A la guerra sin fusil

Domingo XV del tiempo ordinario, Ciclo B

Autor: Padre Sergio A. Cordova, L.C.

Fuente: catholic.net (con permiso del autor)  

 

           

            Cuando uno se decide a acometer una empresa sin contar con los suficientes medios para llevarla adelante, solemos decir que “va a la guerra sin fusil”. O sea, que es un temerario, pues arriesga su vida sin estar ni siquiera mínimamente equipado para asegurar un feliz resultado en el cumplimiento de su propósito.

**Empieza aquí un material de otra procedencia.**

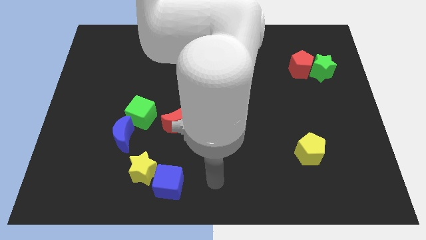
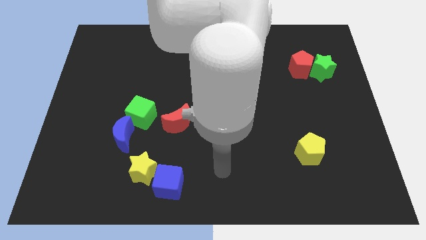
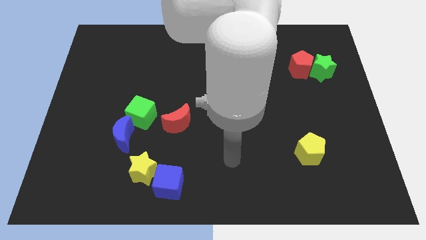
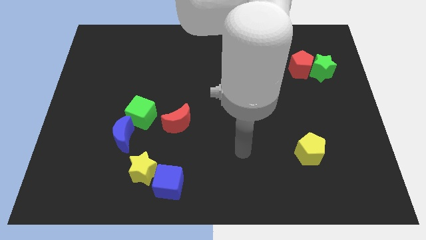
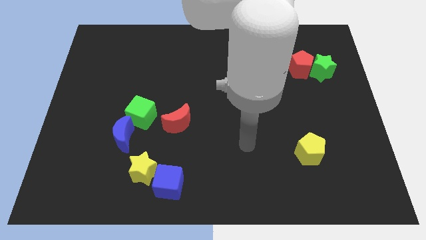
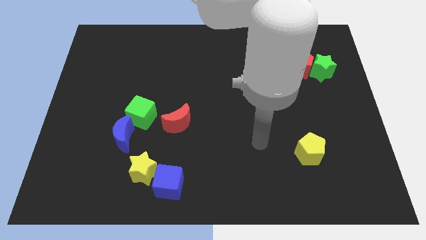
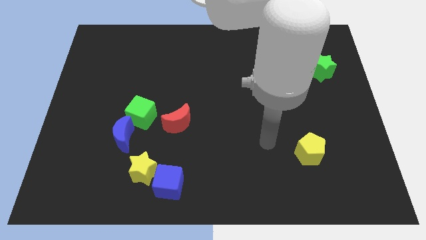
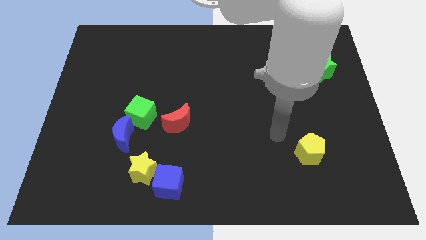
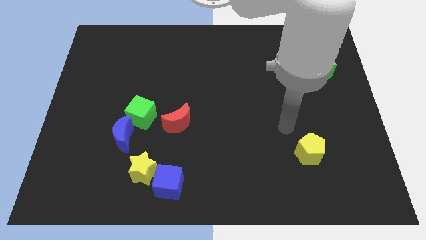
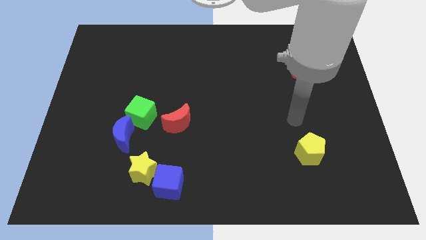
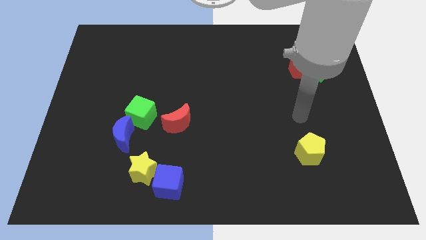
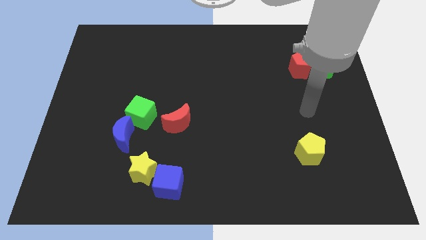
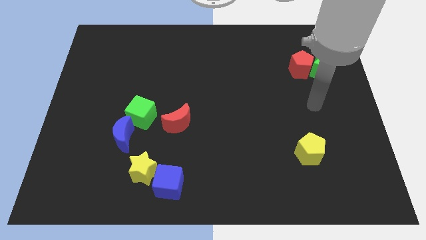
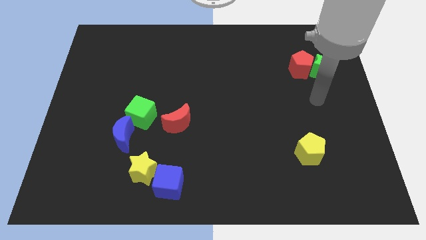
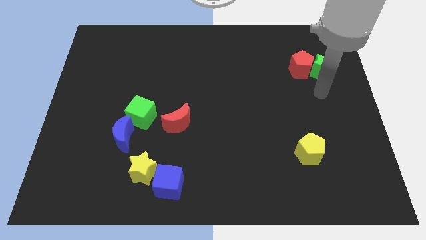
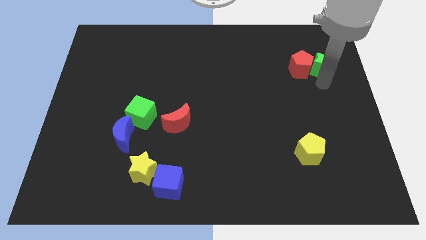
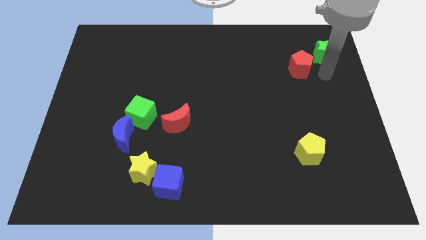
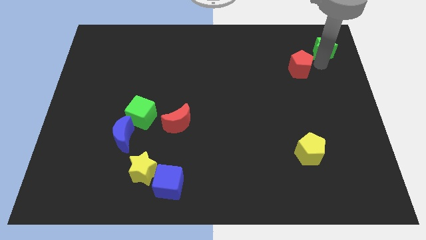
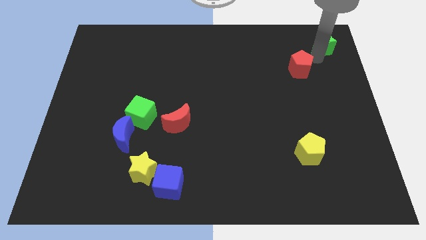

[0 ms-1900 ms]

Y, leyendo el Evangelio de hoy, tal vez también podríamos decir que nuestro Señor manda a sus apóstoles a la “guerra sin fusil”. Hoy se nos presenta Jesús confiando a sus apóstoles la gran misión evangelizadora. Los manda a predicar, a ser sus heraldos y misioneros. Pero lo curioso es que los manda sin nada, no les da medios, no los equipa para su tarea. Les encarga que lleven un bastón, pero nada más: ni pan, ni alforja, ni dinero. Les dice que lleven sandalias, pero no una túnica de respuesto. Los quiere desprovistos de todo. Sin nada. Sólo les permite lo mínimo indispensable para poder caminar: o sea, los manda como peregrinos e itinerantes, casi como aventureros. ¡El Señor se pasa!

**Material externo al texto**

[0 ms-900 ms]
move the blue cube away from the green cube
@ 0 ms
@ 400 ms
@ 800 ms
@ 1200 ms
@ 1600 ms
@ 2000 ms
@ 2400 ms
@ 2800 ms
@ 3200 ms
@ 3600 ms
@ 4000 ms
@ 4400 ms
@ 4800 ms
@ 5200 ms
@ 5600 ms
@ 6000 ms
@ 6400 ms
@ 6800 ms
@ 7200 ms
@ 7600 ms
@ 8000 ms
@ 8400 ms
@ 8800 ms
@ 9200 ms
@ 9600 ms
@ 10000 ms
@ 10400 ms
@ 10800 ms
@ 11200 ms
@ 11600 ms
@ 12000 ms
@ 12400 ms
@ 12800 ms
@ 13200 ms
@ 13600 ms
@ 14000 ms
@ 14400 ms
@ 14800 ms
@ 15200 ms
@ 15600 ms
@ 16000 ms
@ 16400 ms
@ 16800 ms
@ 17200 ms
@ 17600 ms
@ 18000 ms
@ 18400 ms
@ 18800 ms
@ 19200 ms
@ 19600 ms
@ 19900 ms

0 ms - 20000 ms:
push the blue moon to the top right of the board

Pero aún hay algo más sorprendente todavía. No sólo los manda sin nada, sino que –si se nos permite hablar así, sin ofenderlos– ellos mismos son “nada” a los ojos del mundo. Los apóstoles elegidos por el Señor para esta grandísima misión no eran sino unos pobres pescadores, iletrados e ignorantes. Amós, en la primera lectura, nos narra, como en un relámpago, su vocación; y resume así el llamado de Dios: “Yo no soy profeta ni hijo de profeta, sino pastor y cultivador de higos, y el Señor me sacó de junto al rebaño para enviarme a profetizar” (Am 7, 15). Más tarde, Pablo diría algo muy semejante a los corintios: “Y si no, mirad, hermanos, vuestra vocación; pues no hay entre vosotros muchos sabios según la carne, ni muchos poderosos, ni muchos nobles. Antes eligió Dios la necedad del mundo para confundir a los sabios, y a la flaqueza del mundo para confundir a los fuertes; y lo plebeyo del mundo, el desecho, lo que no es nada, lo eligió Dios para anular lo que es” (I Cor 1, 26-28).

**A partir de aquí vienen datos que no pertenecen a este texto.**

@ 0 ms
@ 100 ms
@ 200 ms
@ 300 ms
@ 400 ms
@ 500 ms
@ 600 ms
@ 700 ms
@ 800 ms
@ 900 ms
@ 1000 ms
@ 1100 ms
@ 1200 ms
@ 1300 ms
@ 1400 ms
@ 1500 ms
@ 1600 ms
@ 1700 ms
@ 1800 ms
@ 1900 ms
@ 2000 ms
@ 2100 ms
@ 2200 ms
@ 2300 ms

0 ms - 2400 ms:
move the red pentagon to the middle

Y, ¿por qué actúa así el Señor? Porque quiere que pongamos toda nuestra confianza no en nosotros mismos, sino sólo en El; no en nuestras seguridades humanas –medios materiales, dinero, poder, estructuras supersofisticadas, etc.–, sino en el poder de su gracia. Obviamente, los instrumentos humanos son necesarios, pero son solamente eso: ¡medios, no fines! Y el Señor se puede valer de cualquier medio, incluso de los más viles y despreciables, para hacer su obra. Como también puede prescindir totalmente de esos instrumentos humanos, si El así lo prefiere. De esta manera, brillará en toda su pureza la maravilla del poder de Dios. Es El quien actúa y hace sus obras como quiere. Nosotros sólo somos unos pobres instrumentos en sus manos. Y lo único que hace falta es que no le estorbemos y pongamos nuestro microscópico granito de arena.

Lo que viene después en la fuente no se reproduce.